Shankar Balasubramanian has been studying G-quadruplexes for a long time—15 years by his count—with many methodological successes along the way. He and his team at the University of Cambridge now show that it is possible to locate these structures, knot-like stacks of guanine tetrads held together by hydrogen bonds, throughout the genome.

G-quadruplexes, also called G4s, are diverse structures made from one, two or even four unconnected DNA strands. Between the tetrads there can be long loops and bulges—features usually associated with the more flexible RNA molecule. (RNA also forms G4s.) This diversity means that guanines can be separated in the linear sequence and makes it difficult to computationally predict where G4s form. “Once you can tolerate a lot of discontinuities, the universe of possibilities becomes enormous,” says Balasubramanian.

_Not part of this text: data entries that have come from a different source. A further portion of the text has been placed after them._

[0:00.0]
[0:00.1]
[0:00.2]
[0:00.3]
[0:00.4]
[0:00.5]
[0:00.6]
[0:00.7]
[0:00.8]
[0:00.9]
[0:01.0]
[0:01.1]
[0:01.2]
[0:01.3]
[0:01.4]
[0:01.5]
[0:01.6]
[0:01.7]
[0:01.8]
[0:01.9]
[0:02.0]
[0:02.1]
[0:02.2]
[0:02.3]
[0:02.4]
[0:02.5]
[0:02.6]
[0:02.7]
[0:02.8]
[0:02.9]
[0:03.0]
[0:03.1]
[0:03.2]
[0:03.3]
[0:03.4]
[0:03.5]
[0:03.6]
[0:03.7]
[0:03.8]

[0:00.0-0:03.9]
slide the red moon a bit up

Their G4-sequencing (G4-seq) approach is based on the fact that G4s can block polymerases, similar to the principle behind polymerase stop assays that have been used to query individual structures. “The key was to find near-native conditions under which one would expect these structures might form, and find conditions under which these structures would be disfavored,” explains Balasubramanian. Physiological levels of potassium stabilize G-quadruplexes, but sodium or lithium at the same ionic strength have the opposite effect. The small molecule pyridostatin stabilized G4s even more.

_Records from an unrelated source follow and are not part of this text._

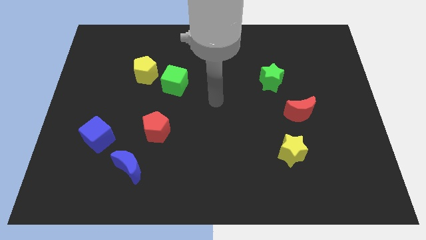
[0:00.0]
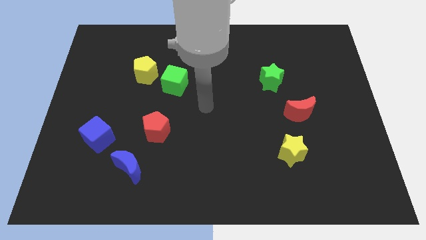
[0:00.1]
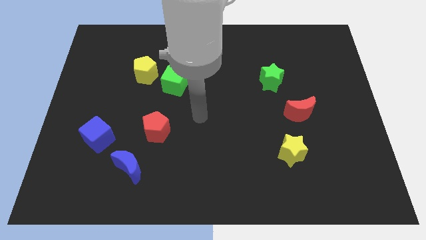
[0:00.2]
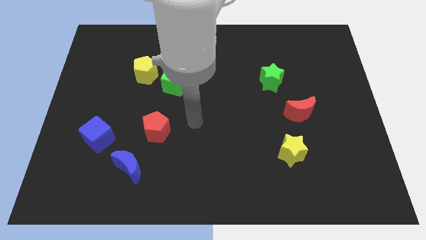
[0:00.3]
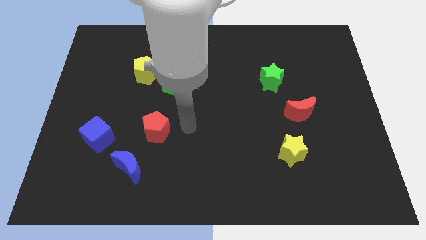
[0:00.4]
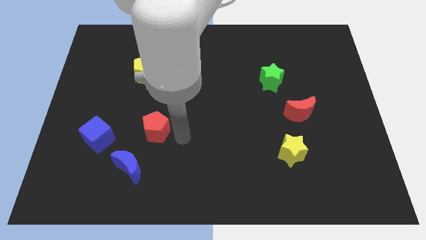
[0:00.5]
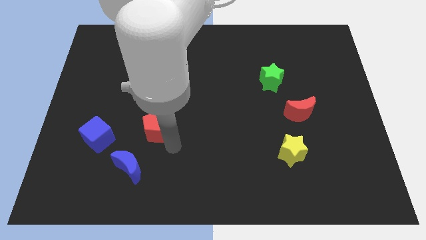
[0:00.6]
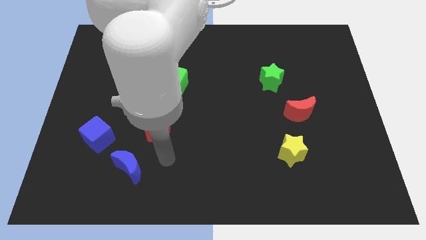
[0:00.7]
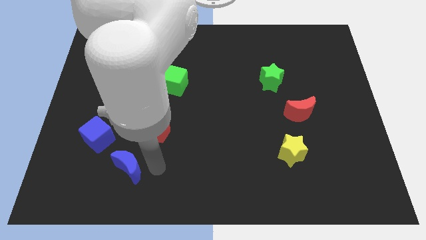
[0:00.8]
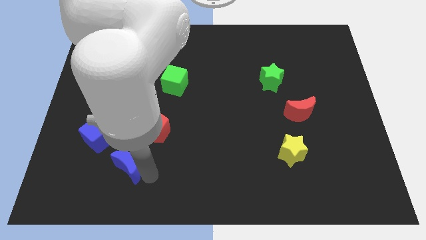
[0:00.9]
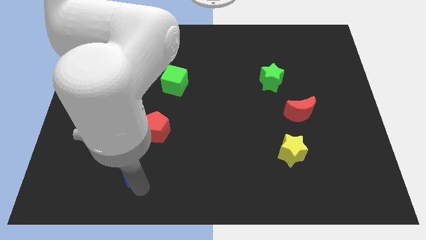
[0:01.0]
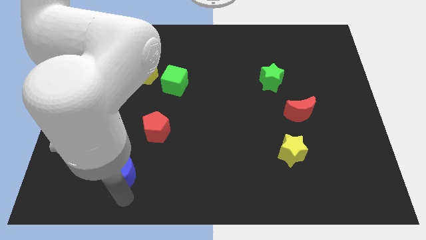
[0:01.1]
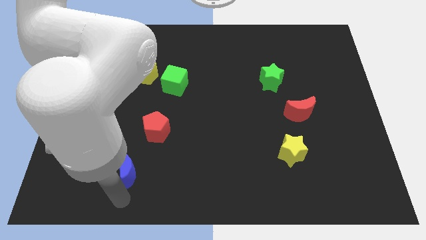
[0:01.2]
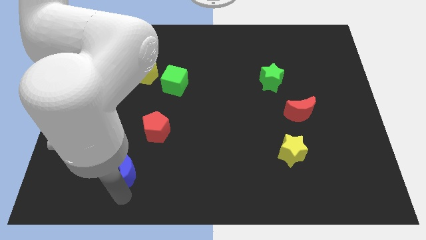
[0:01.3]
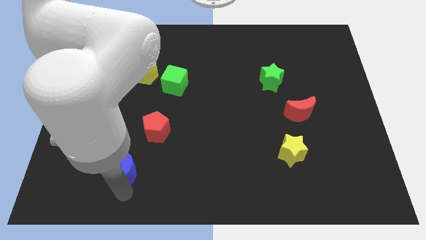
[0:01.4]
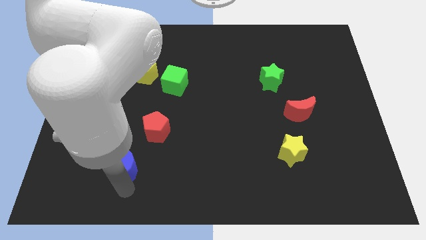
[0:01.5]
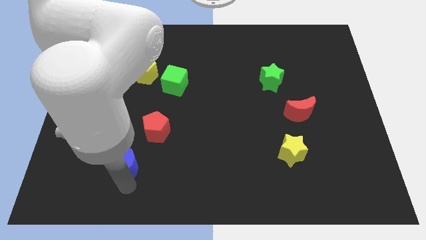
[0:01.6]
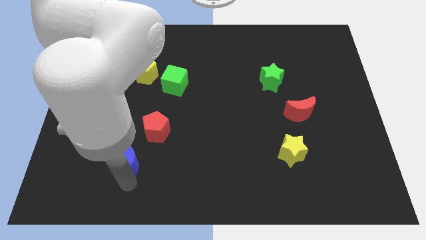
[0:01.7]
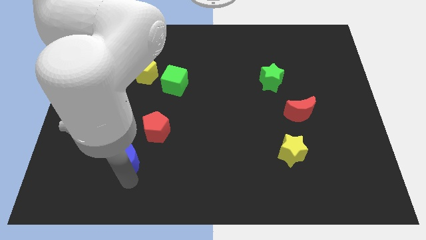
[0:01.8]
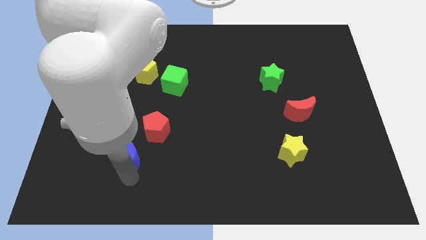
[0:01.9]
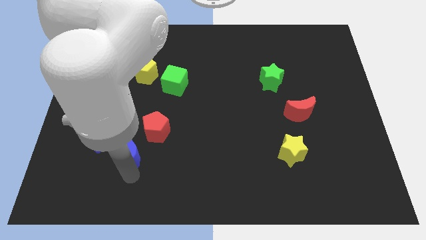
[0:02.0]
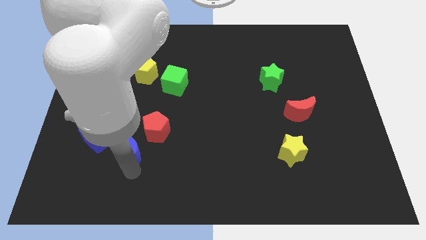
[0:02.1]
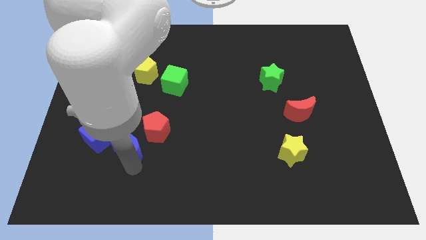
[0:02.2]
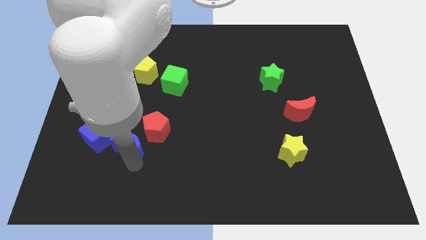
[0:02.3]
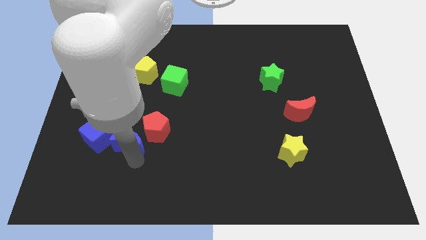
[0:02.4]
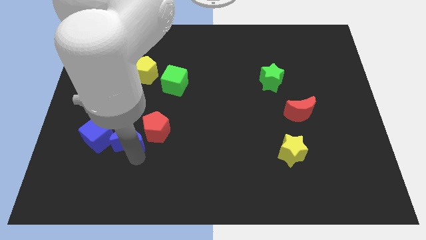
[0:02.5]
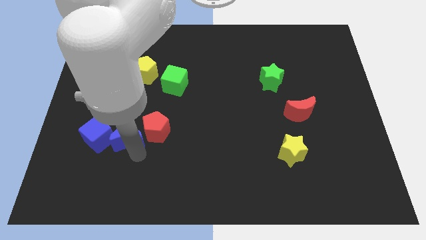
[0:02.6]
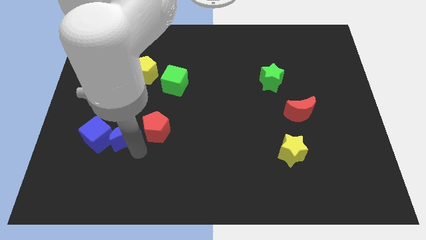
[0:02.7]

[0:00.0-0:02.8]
move the blue moon a little upwards

To start, genomic DNA is sequenced under disfavoring conditions on an Illumina flow cell to determine the identity of every fragment. The synthesized strand is then peeled away and sequenced again under G4-favoring conditions. The polymerase begins adding gibberish bases when it reaches a stable G4, causing sudden discontinuities in base quality and sequence identity.

In primary human B lymphocytes, G4-seq sites agreed well with computationally predicted G4s, but their number more than doubled to over 716,000 despite a conservative detection cutoff. A large subset consisted of noncanonical G4 structures that are computationally difficult to detect, and these were enriched in gene bodies. The researchers also confirmed some novel G4s using biophysical methods.

It is not possible to know what fraction of all possible structures G4-seq detects or which structures form in the cellular environment. Sites found using pyridostatin reflect its unique structural specificity and do not overlap exactly with those detected using potassium. But Balasubramanian notes that their assay identifies motifs that are sufficiently stable in near-physiological conditions to perturb a biochemical mechanism, akin to polymerase stalling at replication forks, for instance.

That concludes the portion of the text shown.